Peptide Mapping Using Intelligent Data Capture on Vion IMS QTof

Importance of the topic

Liquid chromatography–mass spectrometry is widely used for detailed characterization of biomolecules. However, standard peptide mapping workflows produce extensive data files and background noise, which can overload storage systems and delay data analysis.

Goals and study overview

This work demonstrates the benefits of enabling Waters Intelligent Data Capture (IDC) on the Vion IMS QTof mass spectrometer. The study uses a reduced, alkylated, tryptic digest of NIST monoclonal antibody injected in triplicate under conditions with IDC disabled and enabled at thresholds of 5, 10, and 20 counts.
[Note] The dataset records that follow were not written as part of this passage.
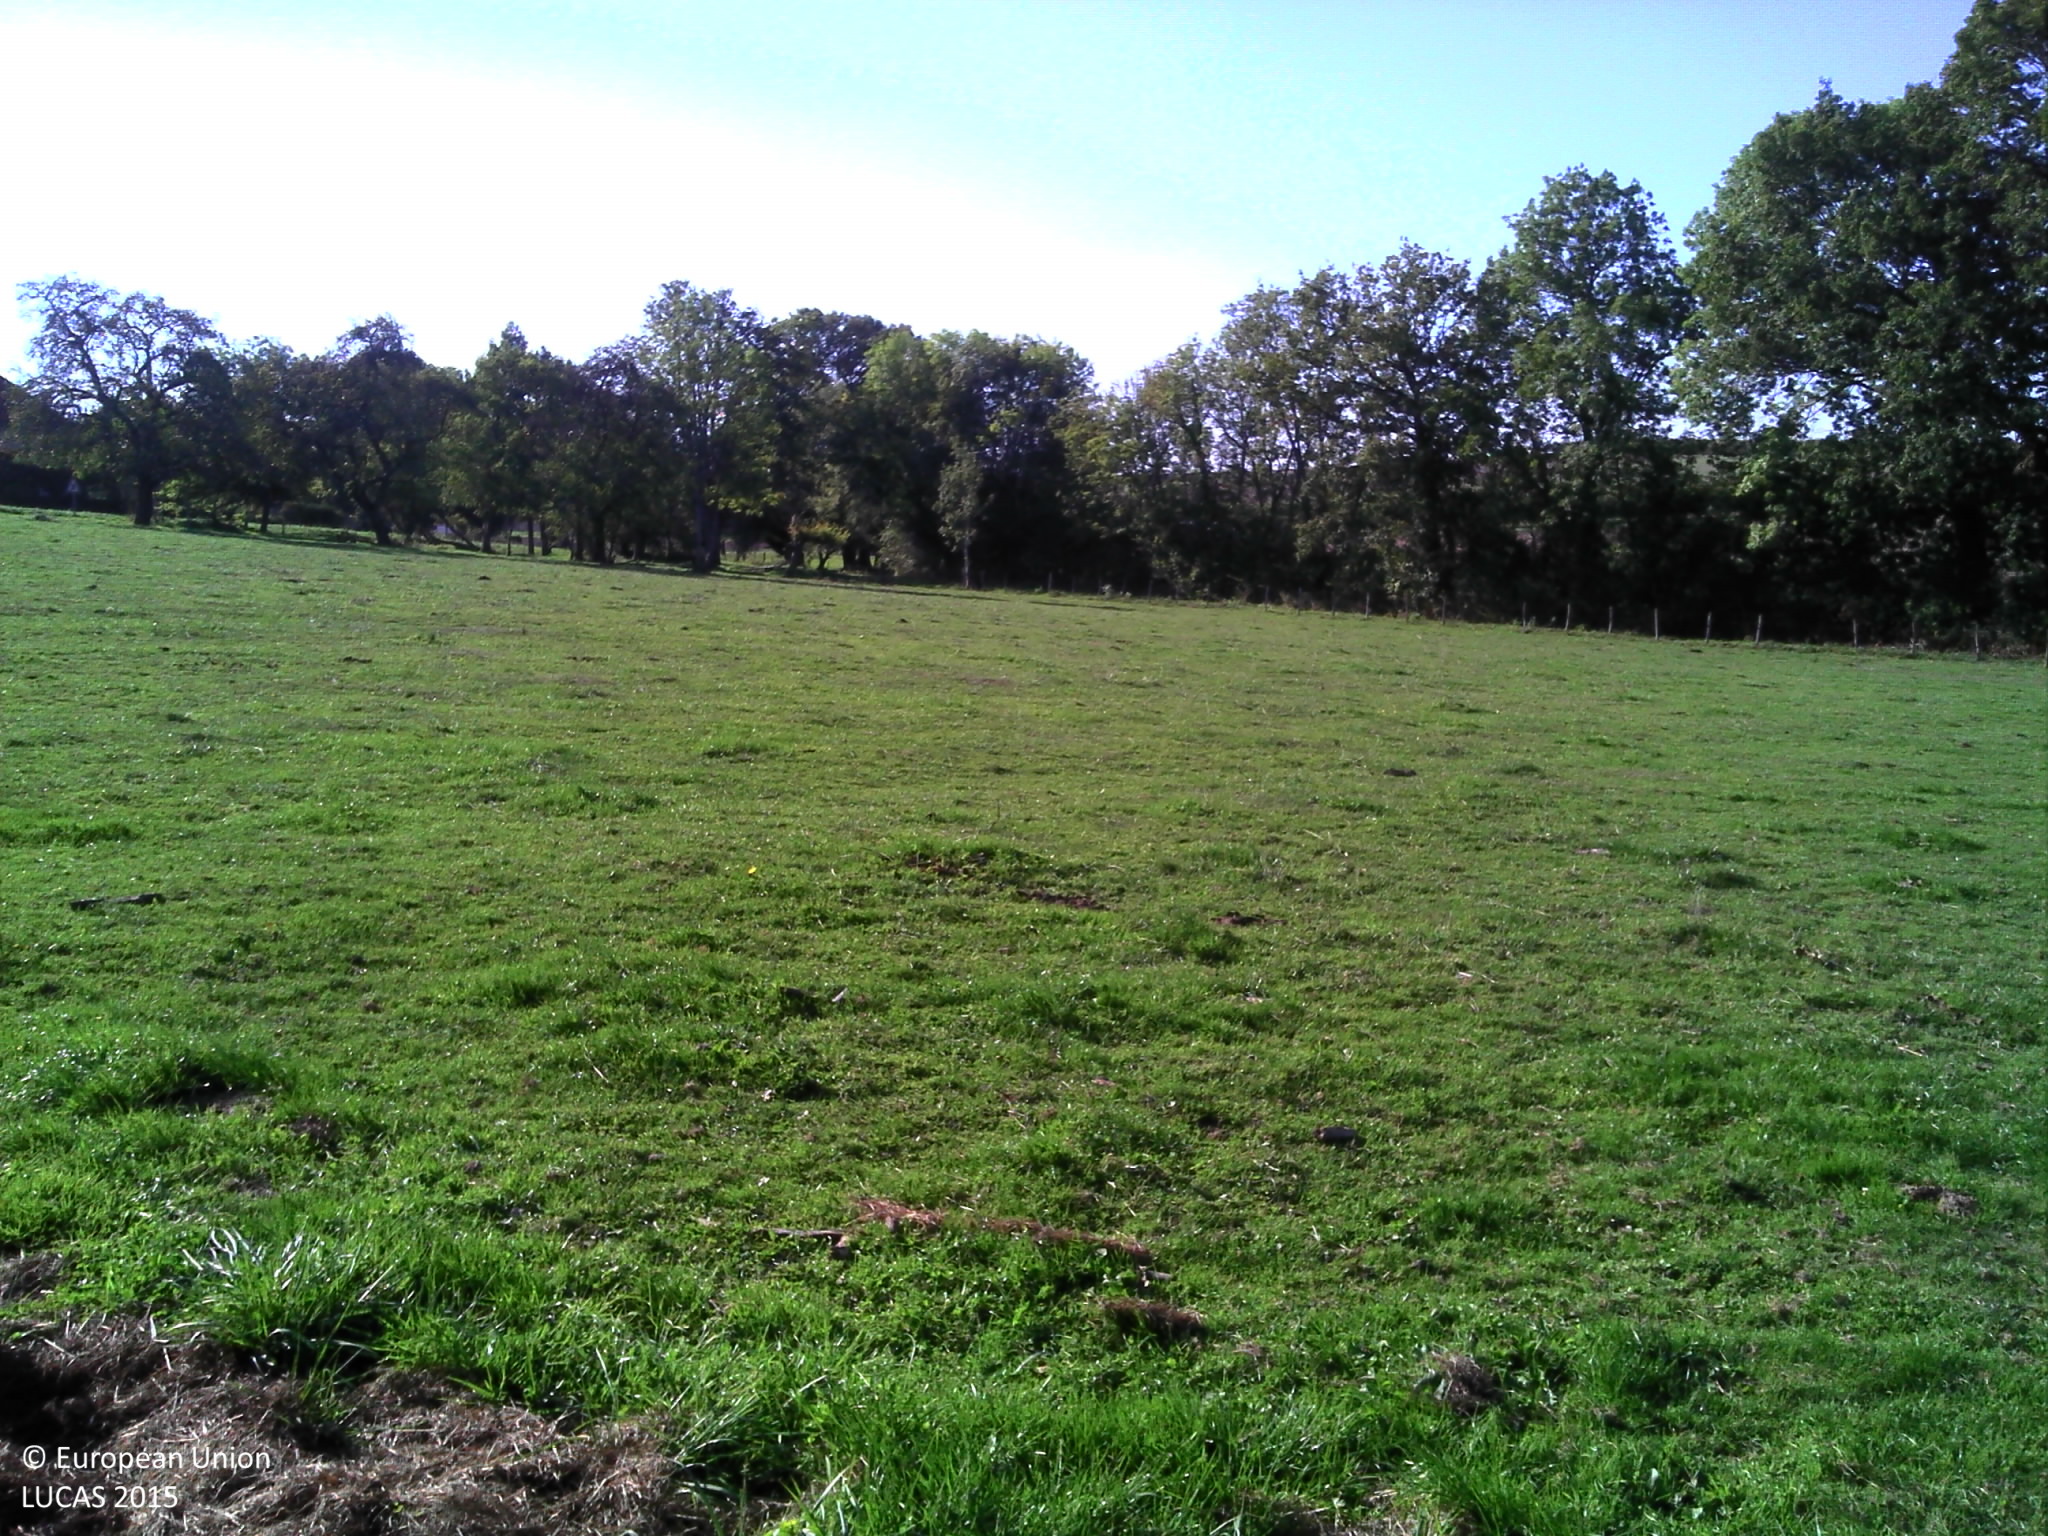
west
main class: Grassland
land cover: Grassland with sparse tree/shrub cover
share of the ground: > 75 %
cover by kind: herbaceous plants 95 %, broadleaved forest trees 5 %
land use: Agriculture (excluding fallow land and kitchen gardens)
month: September
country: FR
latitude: 48.0721
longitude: 3.8895

Methodology and instrumentation

Reversed-phase LC–MS/MS experiments were performed using a data-independent acquisition method (LC-MS^E) featuring alternating low- and high-collision energy scans. The experimental design compares total ion chromatograms, file sizes, percentage reduction, and data processing times across the four conditions.

Used instrumentation

• Waters Vion IMS QTof mass spectrometer
• Waters UNIFI Scientific Information System
• Standard reversed-phase LC system configured for peptide mapping

Main results and discussion

Enabling IDC at a threshold of 5 counts reduced raw data file size by nearly 50% without altering total ion chromatogram profiles. Sequence coverage for light and heavy antibody chains remained constant at 92% and 90%, respectively. Analysis of a low-abundance oxidized peptide (~2% relative abundance) showed consistent identification across all IDC settings, with a notable reduction in spectral noise at higher thresholds.
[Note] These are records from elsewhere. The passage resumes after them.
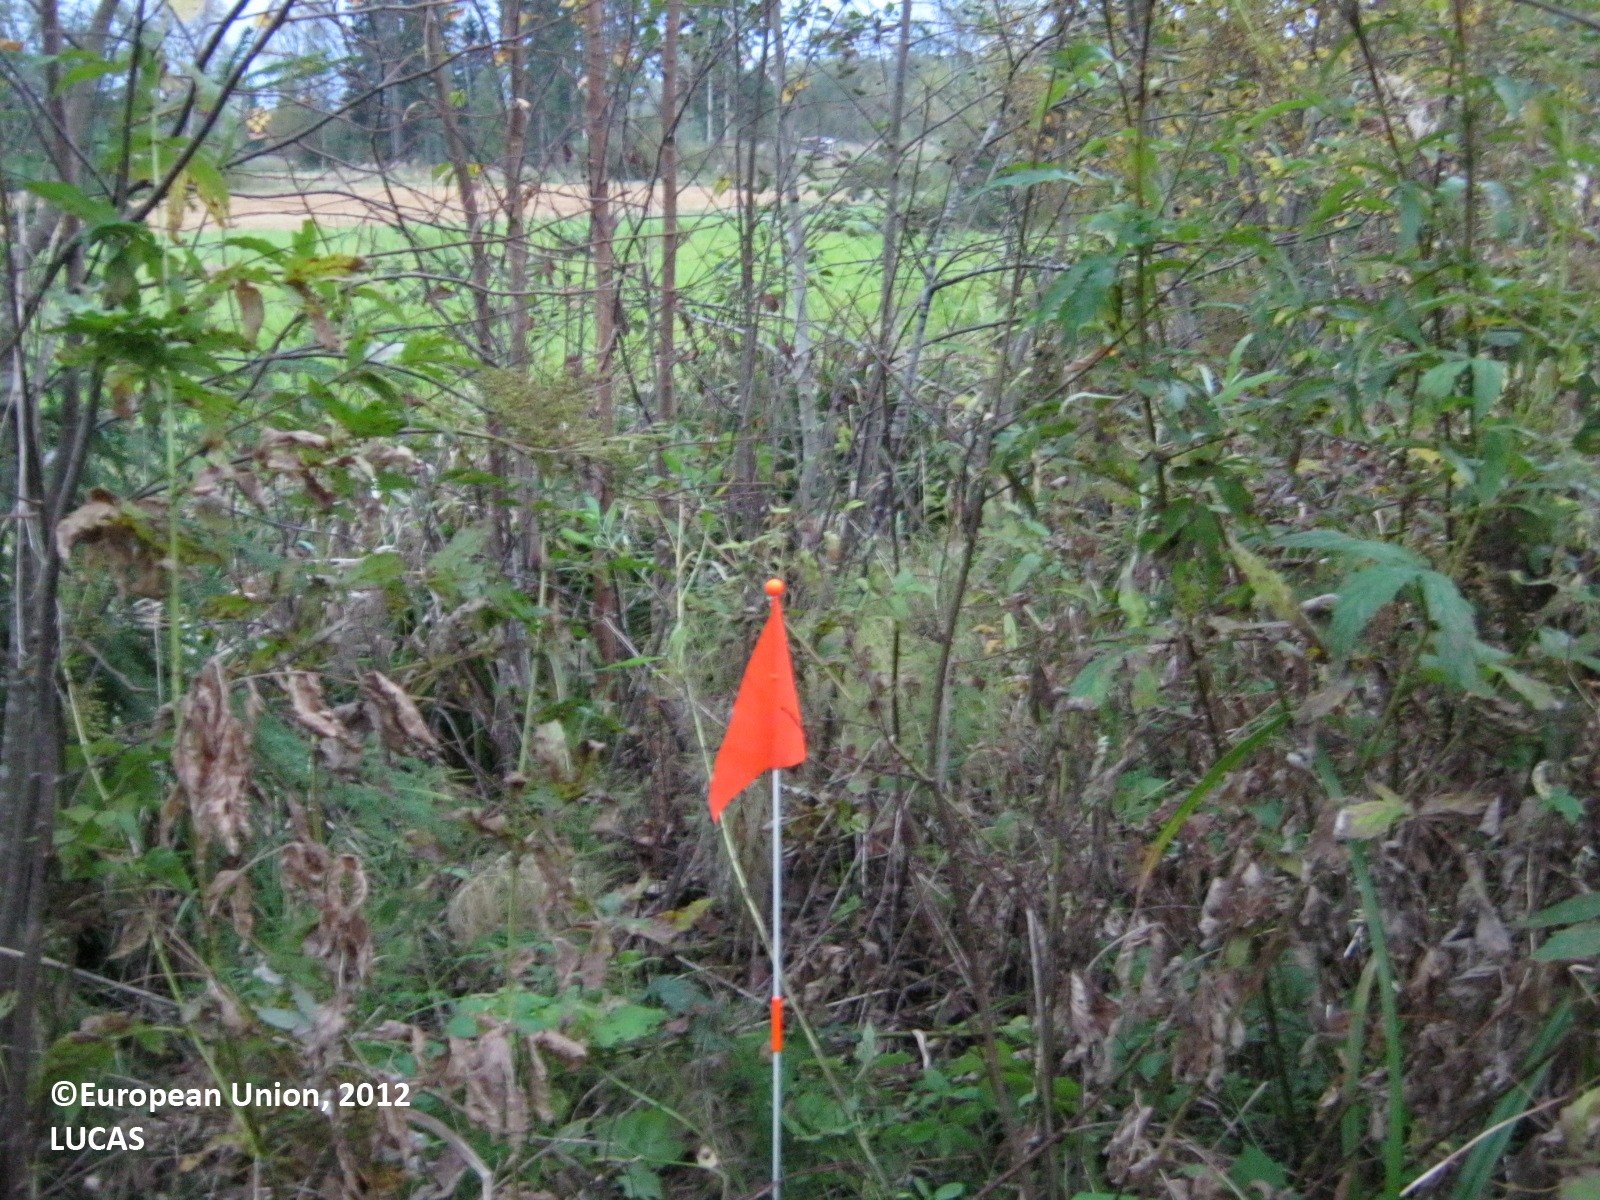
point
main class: Woodland
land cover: Broadleaved woodland
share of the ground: > 75 %
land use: Forestry
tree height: < 5 m
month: September
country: FI
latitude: 61.0083
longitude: 28.1639

Benefits and practical application

• Substantially lowered data storage requirements and faster data processing
• Maintained full analytical performance and sequence coverage
• Cleaner spectra facilitate reliable peak picking and identification

Future trends and applications

Real-time noise reduction algorithms such as IDC are expected to integrate with advanced data analytics and machine learning workflows. Broader adoption may extend to other omics platforms, support cloud-based data management, and enable more automated method development.

Conclusion

Intelligent Data Capture significantly enhances LC–MS peptide mapping efficiency by halving dataset sizes and reducing spectral noise, all while preserving data integrity and analytical outcomes.

Reference

Mortishire-Smith R.; Richardson K.; Denny R.; Hughes C. Intelligent Data Capture: Real-Time Noise Reduction for High Resolution Mass Spectrometry. Waters White Paper, 720006567EN (2019).